Three years after President Bola Ahmed Tinubu declared a state of emergency on food security, the symbolism of treating agriculture as national defence is still battling the grind of inflation, banditry, and logistics collapse. The promise was clear: crash food prices, revive production, and feed 220 million Nigerians without burning scarce dollars. For now, the scorecard remains an interim report.
On paper, Abuja moved quickly. The Ministry was renamed Agriculture and Food Security to signal intent. Dry-season wheat rose from 70,000 hectares to 118,000 in 2023/2024. In March 2025, Nigeria sealed the $1.1 billion Green Imperative Project with Brazil for mechanised equipment, training, and service centres nationwide. Add the John Deere Tractorisation Programme and the Belarus deal — 2,000 tractors, 10 combine harvesters, 9,000 implements, mobile workshops — and the hardware looks impressive. The Renewed Hope Agricultural Mechanisation Programme began distribution in February 2026, eight months after its June 2025 launch, with 600 tractors released first under lease-to-own for Mechanisation Service Providers. Each unit is billed to serve 600 hectares annually, targeting over 1 million farmers. Fertiliser support scaled up too: CBN donated 2.15 million bags worth N100 billion in 2024, while government waived import duties for 150 days on rice, maize, wheat, and cowpeas to cool prices.
Yet at Station and Central markets, the reality bites. Food inflation leapt from 24.8% at inauguration to 40.9% by June 2024. It cooled to 16.06% by April 2026, but prices remain stubbornly high. A 50kg bag of rice that sold for N30,000 in May 2023 now goes for roughly N75,000. Production is slipping. Rice output fell 7% to 5.23 MMT in 2024/2025, the lowest since 2020. USDA projects 5.0 MMT for 2025/2026, with area down to 3.2 million hectares. Farmers from Kebbi to Benue cite input costs up four to five times, mills shutting down, plus floods and kidnappings. Imports filled the gap. USDA estimates 2.4 MMT of rice imports for 2024/2025, rising to 2.8 MMT in 2025/2026 — costing N1.18 to N1.26 trillion. A December 2025 policy review conceded the much-touted 1.1 MMT rice “surplus” was import-driven, not homegrown, and advised shutting import windows now that food inflation is below 14%.

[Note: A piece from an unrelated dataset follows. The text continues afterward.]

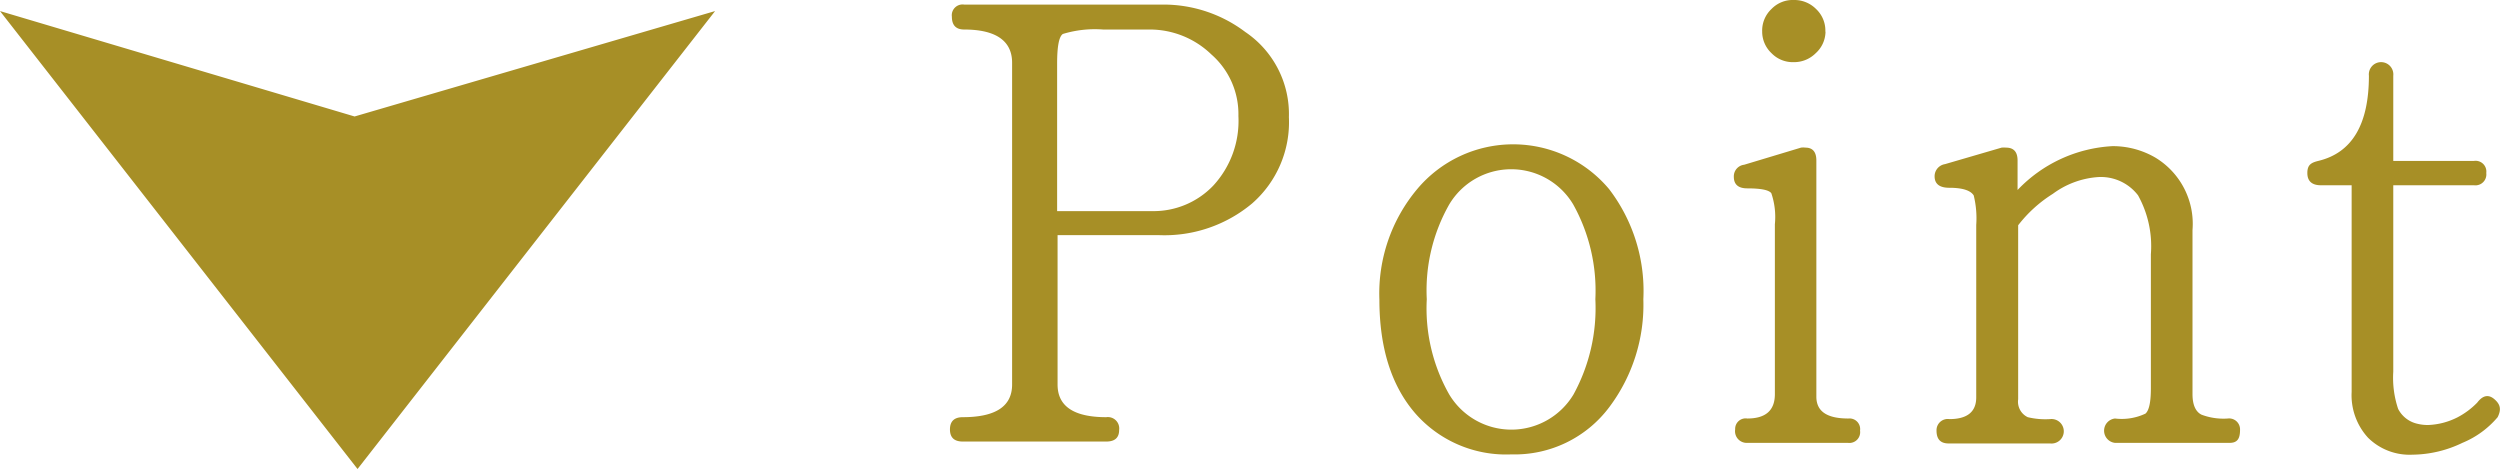 <svg xmlns="http://www.w3.org/2000/svg" width="169.35" height="31.77" viewBox="0 0 169.35 31.77"><path d="M87.31 7.94a7.31 7.31 0 01-2.49 5.84 9.25 9.25 0 01-6.27 2.15h-6.91v10.12c0 1.47 1.1 2.21 3.3 2.21a.77.77 0 01.87.87q0 .78-.87.78h-9.72c-.58 0-.87-.27-.87-.82s.29-.83.87-.83c2.23 0 3.34-.74 3.34-2.21V4.25c0-1.47-1.08-2.25-3.25-2.25-.55 0-.83-.29-.83-.87a.73.73 0 01.83-.82h13.45a9.19 9.19 0 015.6 1.86 6.71 6.71 0 012.95 5.77zm-3.42-.08a5.37 5.37 0 00-1.83-4.17A6 6 0 0077.94 2h-3.21a7.46 7.46 0 00-2.73.3c-.26.17-.39.83-.39 2v10H78a5.59 5.59 0 004.19-1.73 6.46 6.46 0 001.7-4.71zm27.43 12.41a11.54 11.54 0 01-2.3 7.3 8 8 0 01-6.64 3.21A8.17 8.17 0 0195.87 28q-2.43-2.81-2.43-7.71A11 11 0 0196 12.81a8.48 8.48 0 0113 0 11.35 11.35 0 012.32 7.46zm-3.25 0a12 12 0 00-1.5-6.42 4.89 4.89 0 00-8.4 0 11.78 11.78 0 00-1.52 6.42 11.8 11.8 0 001.52 6.45 4.91 4.91 0 008.42 0 12.19 12.19 0 001.48-6.45zm17.93 8.9a.73.73 0 01-.82.83h-6.9a.79.79 0 01-.74-.91.71.71 0 01.82-.74c1.25 0 1.87-.55 1.87-1.65V15.19a5 5 0 00-.24-2.1c-.16-.22-.7-.33-1.63-.33-.6 0-.91-.26-.91-.78a.79.79 0 01.7-.82L122 10a1.21 1.21 0 01.3 0c.49 0 .74.29.74.87v16c0 1 .72 1.48 2.17 1.48a.72.72 0 01.79.82zm-2.34-27A2 2 0 01123 3.6a2.07 2.07 0 01-1.5.61 2 2 0 01-1.5-.61 2 2 0 01-.63-1.47A2 2 0 01120 .61a2 2 0 011.52-.61 2.07 2.07 0 011.5.61 2 2 0 01.63 1.52zm28.08 26.96c0 .58-.18.87-.7.87h-7.77a.83.83 0 010-1.65 3.76 3.76 0 002.06-.33c.25-.21.37-.79.37-1.71v-9.08a7.1 7.1 0 00-.87-4 3.17 3.17 0 00-2.77-1.23 5.82 5.82 0 00-3 1.13 9 9 0 00-2.35 2.13v11.79a1.16 1.16 0 00.65 1.21 5.08 5.08 0 001.52.13.83.83 0 110 1.65H132c-.55 0-.82-.29-.82-.87a.76.76 0 01.87-.78c1.21 0 1.82-.49 1.82-1.47V15.24a6.47 6.47 0 00-.17-2c-.21-.34-.76-.52-1.65-.52q-1 0-1-.78a.83.83 0 01.7-.82l3.84-1.12a1.77 1.77 0 01.3 0q.78 0 .78.87v2a9.57 9.57 0 016.43-2.97 5.72 5.72 0 012.91.78 5.24 5.24 0 012.51 4.91V26.7c0 .72.21 1.19.61 1.39a4.2 4.2 0 001.78.26.74.74 0 01.83.78zm17.45-.87A6.23 6.23 0 01166.8 30a7.93 7.93 0 01-3.39.8 4 4 0 01-3-1.15 4.26 4.26 0 01-1.11-3.1v-14h-2.08c-.61 0-.92-.28-.92-.83s.25-.7.74-.82q3.43-.82 3.43-5.77a.83.83 0 111.65 0v5.77h5.47a.73.73 0 01.83.82.74.74 0 01-.83.83h-5.47v12.63a6.62 6.62 0 00.33 2.52 1.94 1.94 0 001.28 1 2.94 2.94 0 00.74.09 4.74 4.74 0 002-.52 5.22 5.22 0 001.34-1c.38-.5.77-.57 1.17-.22s.47.69.21 1.21zM48.44.75L24.22 31.77 0 .75l24.02 7.14L48.44.75z" fill="#a78f26" data-name="レイヤー 2"/></svg>

Compare this to the Buhari years and the shift is clear. Tinubu’s approach is heavy on credit and mechanisation, lighter on direct market control. Agriculture’s budget rose from N228.4bn, or 1.05% in 2023, to N826.5bn, or 1.7% in 2025, with an extra N100bn National Agricultural Development Fund. Government injected a N250bn credit facility for smallholders and is pushing single-digit loans through the Presidential Food Systems Coordinating Unit. Buhari banked on Anchor Borrowers’ Programme and border closures to force local rice. Tinubu opened emergency imports, then pivoted to equipment and finance. Both, however, hit the same brick walls: insecurity and FX volatility. Subsidy removal and naira devaluation doubled transport and agrochemical costs overnight. Late input delivery meant many smallholders heard policy on Radio Nigeria but never saw it on their farms.
The targets remain ambitious. The Renewed Hope Agenda aims to cultivate 65% of arable land in four years, up from 35%, and grow enough to export. The 2021–2025 National Development Plan targets 21 million rural jobs and food self-sufficiency. For mechanisation, the plan is 32,500 tractors in five years, including 10,000 John Deere units. Belarus tractors alone should open 550,000 hectares and add 2 MMT of staples. Rollout started Q1 2026, but by February only 600 units were released, against over 100,000 applicants for phase one. GPS tracking and training are mandatory, yet farmers report many tractors “gathering dust” in Abuja before deployment.
President Tinubu diagnosed correctly: Nigeria’s food system is a security risk. But three years in, waivers and tractor launches have not outrun banditry in Niger, FX shocks in Lagos ports, and a broken extension system in Kano. The seeds are in the ground. Harvest depends on whether a farmer in Birnin Gwari can plant without a military escort, sell in Dawanau without losses, and access a tractor without knowing a party chairman. Until then, the emergency remains what it is — a declaration, not yet a delivery.